The SCE instance can automatically retrieve and process new requests based on its current load and available resources.
During node failure, the SCE instance immediately stops fetching new requests, and any existing request IDs are lost, as
they have already been removed from the ‘REQUEST:PENDING’ in Redis.
Client applications may encounter timeout errors when performing a blocking read from ‘Temporary:Request_1’ due to the
following reasons:
When a timeout error occurs, applications can perform additional reads for an extended waiting time for specific
requests (flexible and customizable). Applications can also resend the request using a new ID and higher priority, while
disregarding the previous request (which may still be in the queue or being processed), or simply return an error to
users.
Rather than implementing a complex logic, applications can query the number of pending requests in the Redis cluster
before submitting a large quantity of requests and apply flow control as needed, such as rejecting new user requests
during periods of congestion. The system monitor should regularly track the pending requests in the cluster and
upscale/downscale the GPU resource pool accordingly.
To enhance I/O throughput and AI inference efficiency, your may run multiple Redis worker instances (processes or
coroutines) alongside the inference server (running as a separate process), which supports multiple threads or
asynchronous concurrency with batched inference.

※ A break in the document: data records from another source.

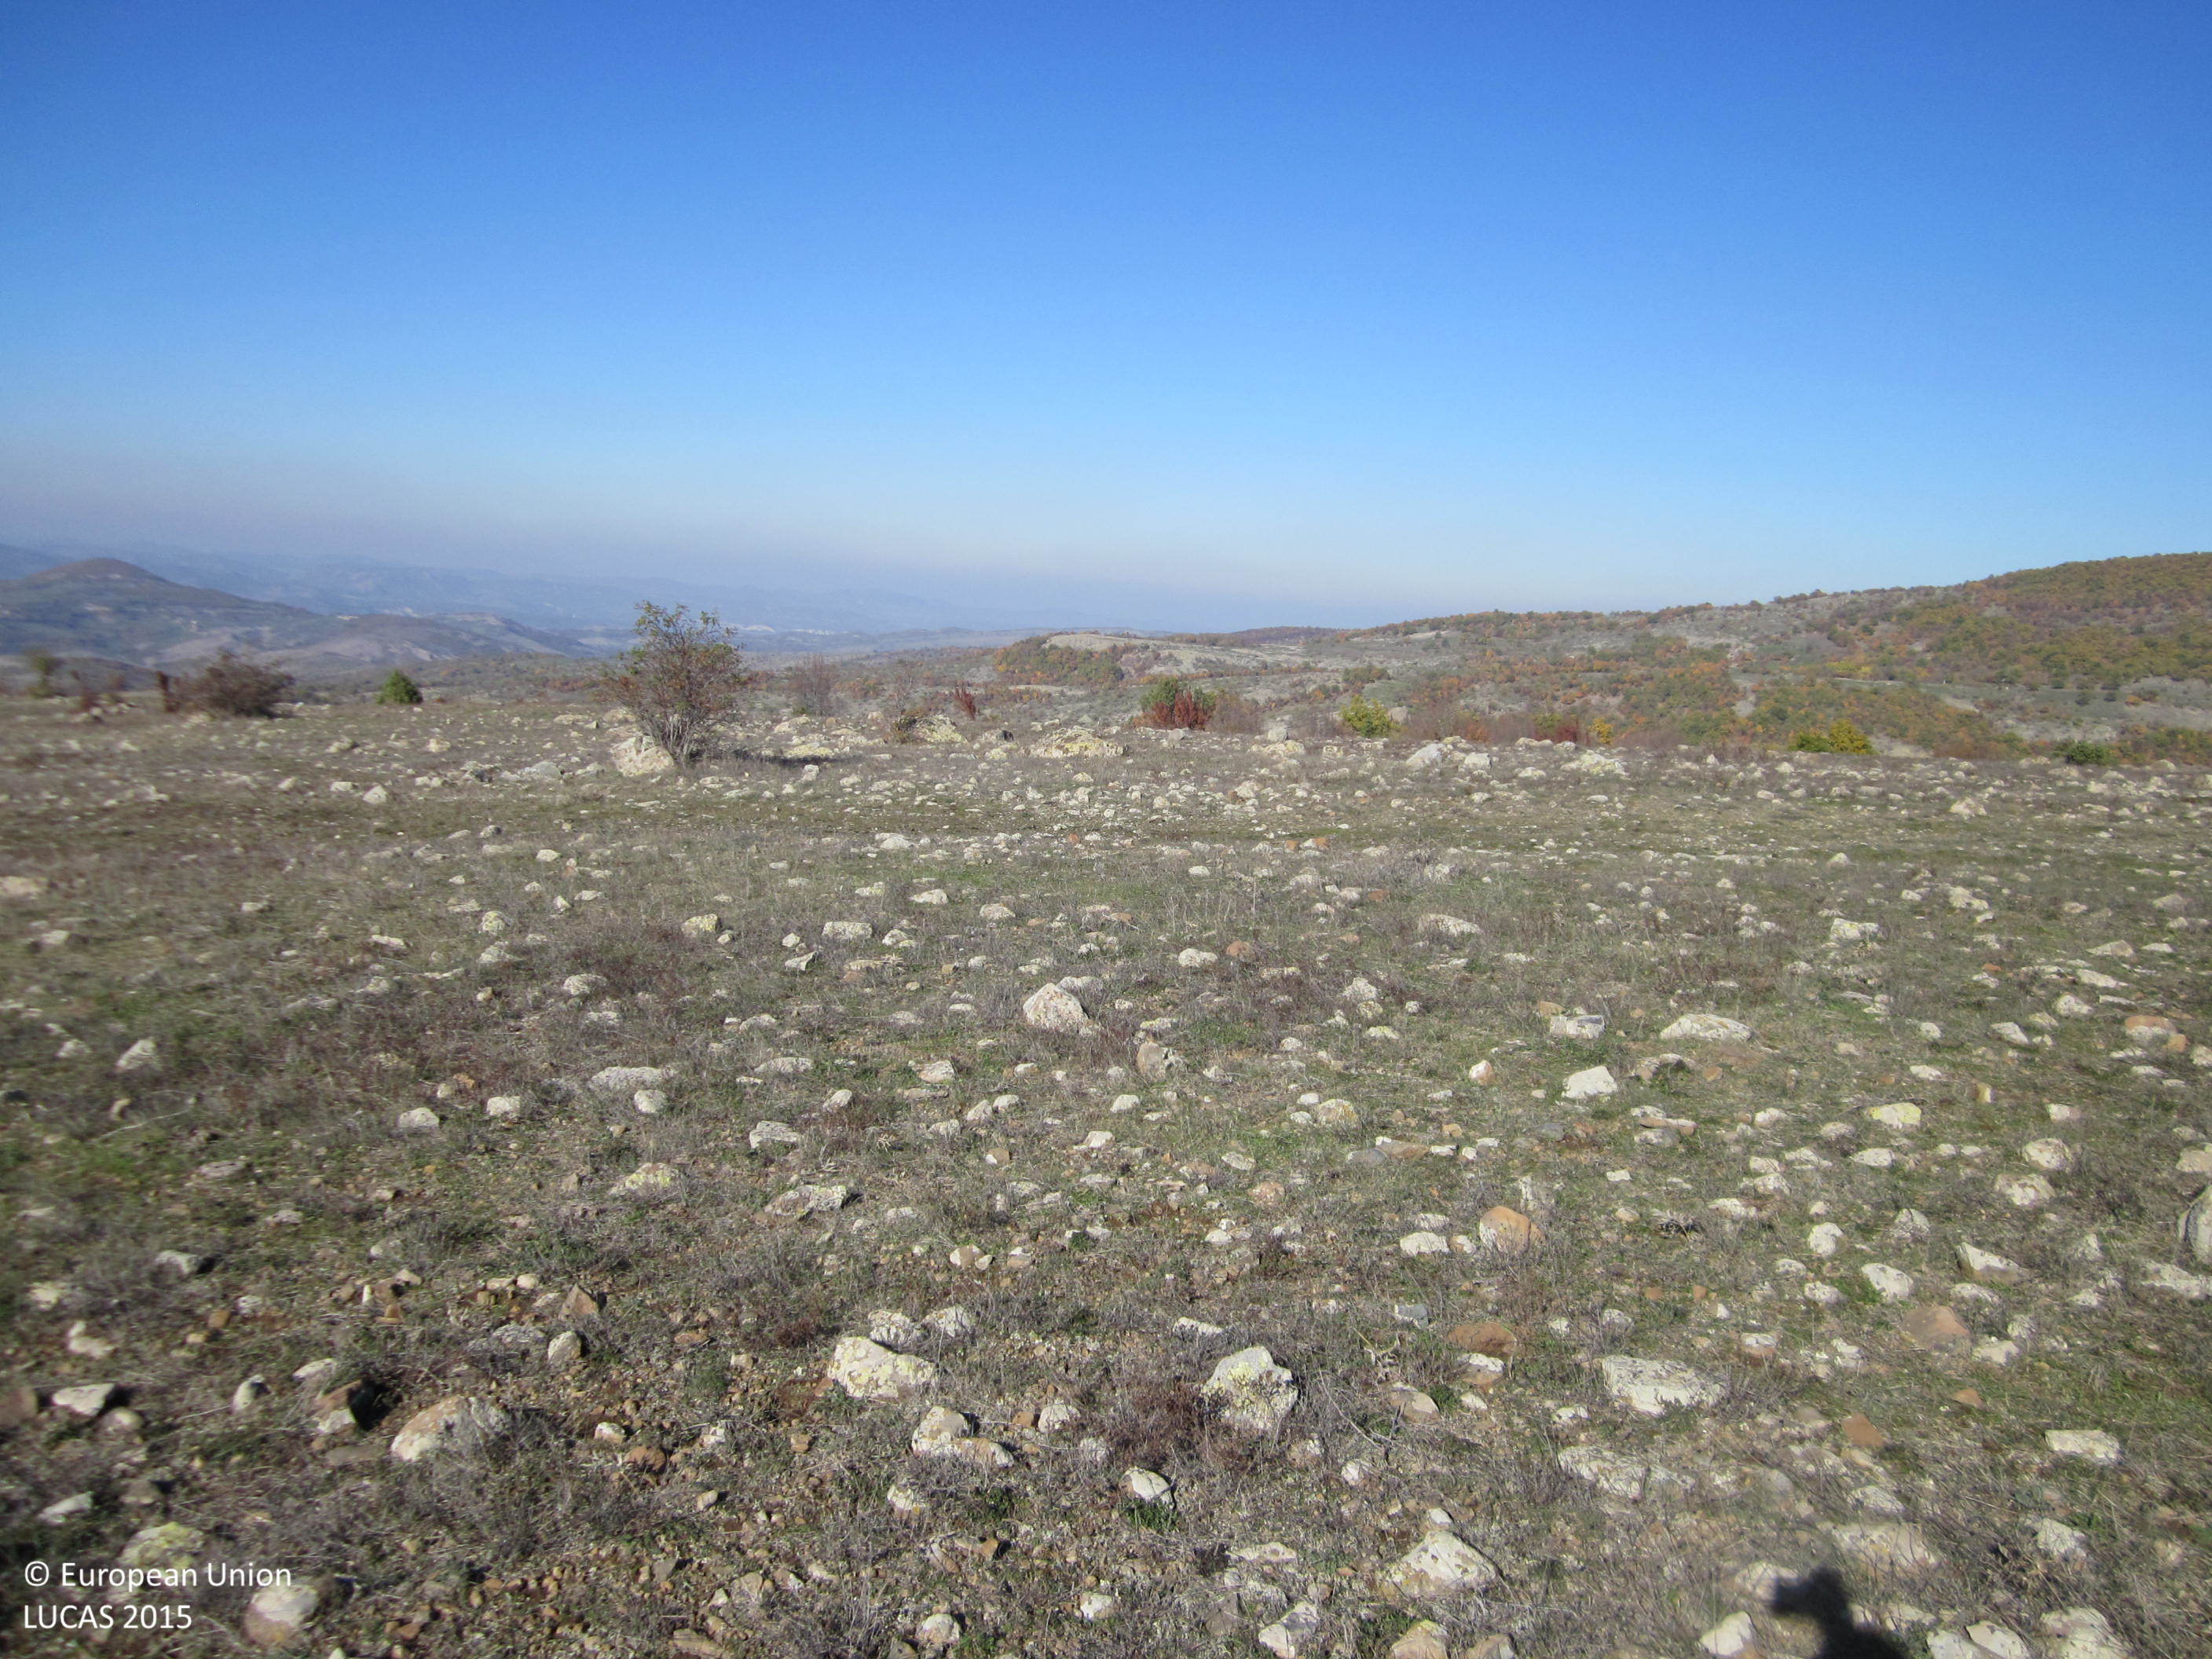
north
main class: Grassland
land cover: Grassland without tree/shrub cover
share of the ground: > 75 %
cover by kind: herbaceous plants 80 %, unconsolidated bare surface 20 %
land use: Agriculture (excluding fallow land and kitchen gardens)
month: November
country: BG
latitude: 41.4953
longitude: 25.6934

Reference Design: Streaming
Please refer to the example code
(client,
server and
common code) in this senario.
The streaming solution is similar to the non-streaming solution, differing only in how results are generated by servers
and delivered to client applications.
In Redis, a list is used to achieve the streaming effect, with servers writing to the left and clients reading from
the right. Both writes and reads are performed in chunks (tokens or sentences) by clients and servers.
On the server side, specifically for LLMs, the Redis worker retrieves partial responses from the inference server, such
as Hugging Face’s TGI, and writes them into Redis. Instead of calling the TGI server directly, the Redis worker can also
run custom inference code built on
the Hugging Face’s library,
enabling streaming results that are then returned to Redis.
The socket_timeout can be set to a smaller value in this case, as partial inference results can be returned when
they are ready, enabling quicker error detection and response handling.
Client applications may encounter timeout errors when performing a blocking read from ‘Streaming:Request_1’. A similar
logic can be applied—if some chunks have already been received for a request, it is highly likely that a server
failure has occurred.
The streaming granularity can be customized and changing based on application needs, such as token-by-token,
chunk-by-chunk, chunk-by-sentence, or image-by-video, as long as the data can be converted to strings,
providing flexibility in how data is processed and delivered.
From the test, we can see that the real-time queue does not impose an intensive read/write workload on Redis, and its
throughput scales linearly with the number of clients and servers. However, a smaller chunk size may reduce transmission
efficiency and overall system throughput.